About the job
Please submit your CV in English and indicate your English proficiency level.
Mindrift connects experienced specialists with project-based AI work for technology companies. Assignments focus on testing, evaluating, and improving AI systems. This freelance, project-based position does not offer permanent employment.
Role overview
As a Freelance AI Evaluation Engineer, the primary focus is building a dataset to assess AI coding agents using real-world developer tasks. The work involves designing detailed tasks and evaluation methods in realistic simulated environments.
Main responsibilities
- Create virtual companies from high-level plans, including codebases, infrastructure, and realistic context such as conversations, documentation, and tickets that reflect authentic development history.
- Develop and refine tasks for different stages of the virtual company. This includes writing prompts, setting evaluation criteria, and ensuring tasks are solvable and assessments are fair.
- Design assignments for isolated environments that mimic a developer's workstation, using a Linux machine with development tools (terminal, CLI), MCP servers (repository, task tracker, messenger, documentation), and a real web application codebase.
- Build tests that accept all valid solutions and reject incorrect ones, aiming for balanced strictness.
- Work with an AI agent to confirm that tests detect real issues, do not overlook errors, and validate correct solutions.

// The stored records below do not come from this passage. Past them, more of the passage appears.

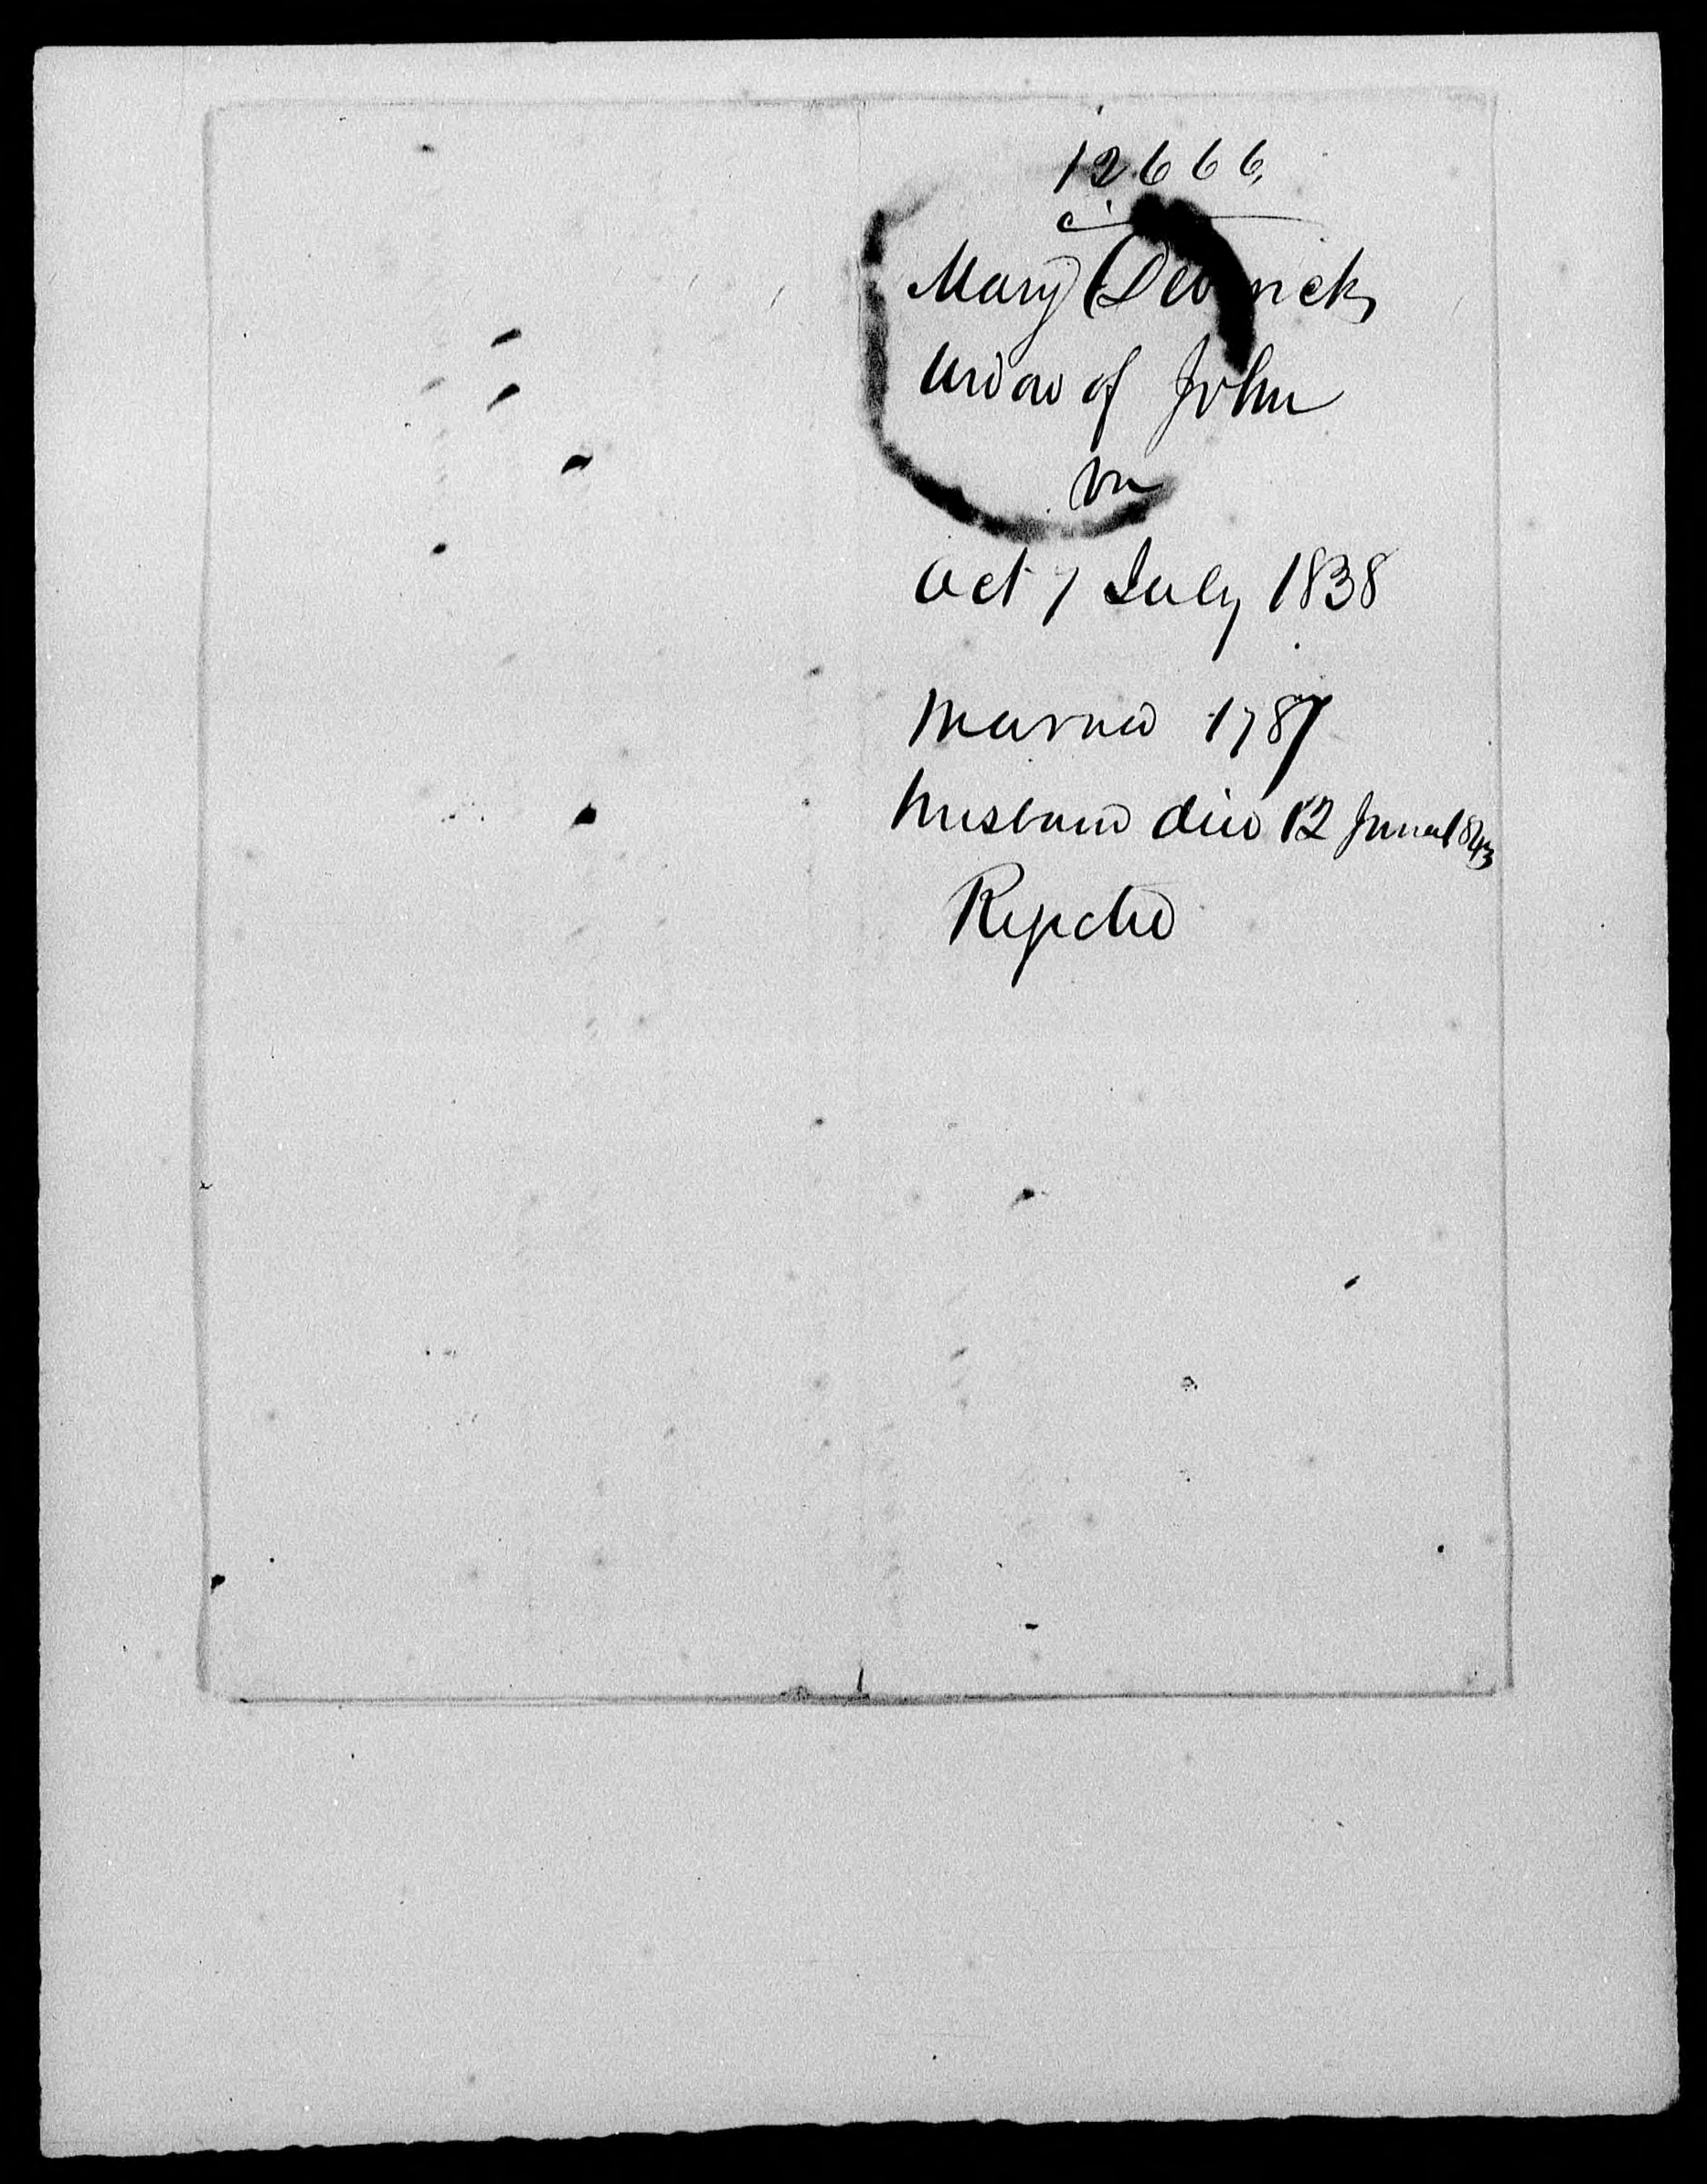12666
Mary Deverick
widow of John
Va
Act 7 July 1838

Married 1787
husband died 12 June[?] 1843
Rejected

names: Mary Devericks, John
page: 25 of 35
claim: widow's
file: W 7007, John Devericks, Va.

- Review code generated by agents, analyze why solutions succeed or fail, and invent edge cases and adversarial scenarios.
- Incorporate feedback from expert QA reviewers to improve your work and meet quality standards.
Scope clarifications
- This position does not include data labeling.
- This position does not cover prompt engineering.
- Writing code from scratch is not required. The AI agent handles most coding; your focus is on guidance and evaluation.
Much of the work involves collaborating directly with AI systems, as designing challenges for advanced models requires hands-on interaction with those models.